Scientific classification
- Kingdom: Animalia
- Phylum: Chordata
- Class: Actinopterygii
- Division: Teleostei
- Order: Blenniiformes
- Family: Tripterygiidae
- Genus: Enneapterygius
- Species: E. atrogulare
- Binomial name: Enneapterygius atrogulare (Günther, 1873)
- Synonyms: Tripterygium atrogulare Günther, 1873

= Enneapterygius atrogulare =

- Authority: (Günther, 1873)
- Conservation status: LC
- Synonyms: Tripterygium atrogulare Günther, 1873

Species of fish

Enneapterygius atrogulare is a species of triplefin blenny in the genus Enneapterygius. Although it is known as the blackthroat triplefin in the United Kingdom, it is also known as the ring-scale triplefin, black triplefin, eastern white-barred threefin, ringed triplefin, eastern Australian blackhead triplefin or the saddled triplefin in Australia.

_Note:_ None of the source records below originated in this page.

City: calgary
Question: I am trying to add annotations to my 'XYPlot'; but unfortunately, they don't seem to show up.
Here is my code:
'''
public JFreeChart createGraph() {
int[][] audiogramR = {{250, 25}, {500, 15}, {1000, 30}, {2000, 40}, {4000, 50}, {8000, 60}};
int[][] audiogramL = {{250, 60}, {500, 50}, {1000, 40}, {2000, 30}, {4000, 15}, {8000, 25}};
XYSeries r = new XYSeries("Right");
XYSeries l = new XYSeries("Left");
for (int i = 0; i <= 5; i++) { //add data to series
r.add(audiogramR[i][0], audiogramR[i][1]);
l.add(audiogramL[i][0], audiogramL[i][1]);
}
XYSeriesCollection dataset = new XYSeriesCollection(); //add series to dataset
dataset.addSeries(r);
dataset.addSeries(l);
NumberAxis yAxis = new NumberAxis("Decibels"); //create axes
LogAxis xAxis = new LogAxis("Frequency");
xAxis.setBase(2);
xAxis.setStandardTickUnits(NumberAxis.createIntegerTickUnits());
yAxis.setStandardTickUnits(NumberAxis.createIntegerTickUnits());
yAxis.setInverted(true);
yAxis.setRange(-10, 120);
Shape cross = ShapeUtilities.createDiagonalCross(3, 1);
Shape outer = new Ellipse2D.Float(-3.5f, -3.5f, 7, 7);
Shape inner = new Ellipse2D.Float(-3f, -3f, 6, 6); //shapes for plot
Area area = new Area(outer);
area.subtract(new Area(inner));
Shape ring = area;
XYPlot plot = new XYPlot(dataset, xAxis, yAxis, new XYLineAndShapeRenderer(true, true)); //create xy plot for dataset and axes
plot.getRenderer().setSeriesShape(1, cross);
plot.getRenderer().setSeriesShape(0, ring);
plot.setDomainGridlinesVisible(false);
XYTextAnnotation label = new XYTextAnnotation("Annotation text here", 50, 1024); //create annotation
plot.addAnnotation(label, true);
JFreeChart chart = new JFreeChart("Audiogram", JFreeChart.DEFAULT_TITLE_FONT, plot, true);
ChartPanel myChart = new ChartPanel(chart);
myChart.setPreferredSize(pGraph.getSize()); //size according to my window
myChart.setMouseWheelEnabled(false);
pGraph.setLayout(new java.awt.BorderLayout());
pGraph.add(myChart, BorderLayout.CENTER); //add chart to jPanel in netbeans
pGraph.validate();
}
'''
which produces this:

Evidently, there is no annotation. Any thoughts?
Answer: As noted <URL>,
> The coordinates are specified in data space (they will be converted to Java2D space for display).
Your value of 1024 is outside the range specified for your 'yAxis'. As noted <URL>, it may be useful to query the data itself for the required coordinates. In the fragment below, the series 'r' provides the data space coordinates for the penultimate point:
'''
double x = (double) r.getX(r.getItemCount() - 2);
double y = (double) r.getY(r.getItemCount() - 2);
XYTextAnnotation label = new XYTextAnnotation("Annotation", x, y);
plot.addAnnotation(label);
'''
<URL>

It is a subtropical, non-migratory blenny found in coral reefs in the western Pacific Ocean, around Australia and Tonga. Blackthroat triplefins swim at a depth range of 0–5 metres, and both juveniles and adults feed primarily on benthic algae, weeds, and invertebrates. Male E. atrogulare can reach a maximum length of 5 centimetres.